There was some hope on this day in 2018 that the newly opened Trench Y, by the shore of the Stenness loch, would yield evidence of the elusive connecting wall. At the close of play, rubble had begun to appear in a sondage at the top of the trench. But alas, it was not to be.

Trench J had been reopened and extended in 2018 to investigate Structure Five and its relationship to the “Great Wall of Brodgar”. Stonework had been encountered in the extension which, on this day two years ago, was undergoing its first planning phase.

Over in Structure One, there was a surprise discovery of more roof tiles. These had been left underneath the foundations of the wall inserted into the building during its second phase of use.

Investigating Structure Twenty-Six, which now seems to be later than Structure Ten.

Investigating Structure Twenty-Six in 2018. (Sigurd Towrie)

Decorated pot fragment from Structure Twenty-Six.

2018 was the year that Structure Twenty-Six really began to raise eyebrows. This tiny structure, which appeared poorly built, began to produce artefacts that seemed distinctly out of place.

As the rubble infill came out, a number of dressed and shaped stone blocks appeared, along with quantities of beautifully decorated pottery.

At this point it was becoming clearer that Structure Twenty-Six was late in the sequence of building, probably incorporating stone robbed from its predecessors.

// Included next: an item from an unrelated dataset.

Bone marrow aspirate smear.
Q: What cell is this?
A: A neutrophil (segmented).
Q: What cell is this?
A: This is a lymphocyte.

July 6, 2019 was a Saturday, so there were no diggers on site. The previous two days – like many that season – had been hit by the weather. Before the rain closed in though work to further extend Trench T, and expose more of Structure Twenty-Seven, had begun. Plans to extend Trench X to investigate a series of postholes encountered in 2017 had to be put on hold.

One of the two post-hole arcs in Trench X. (Emily O’Farrell)

The postholes, which seemed to follow a parallel, circular path, hinted at the possibility we might have a timber structure on site…but more on that as the 2020 season goes on.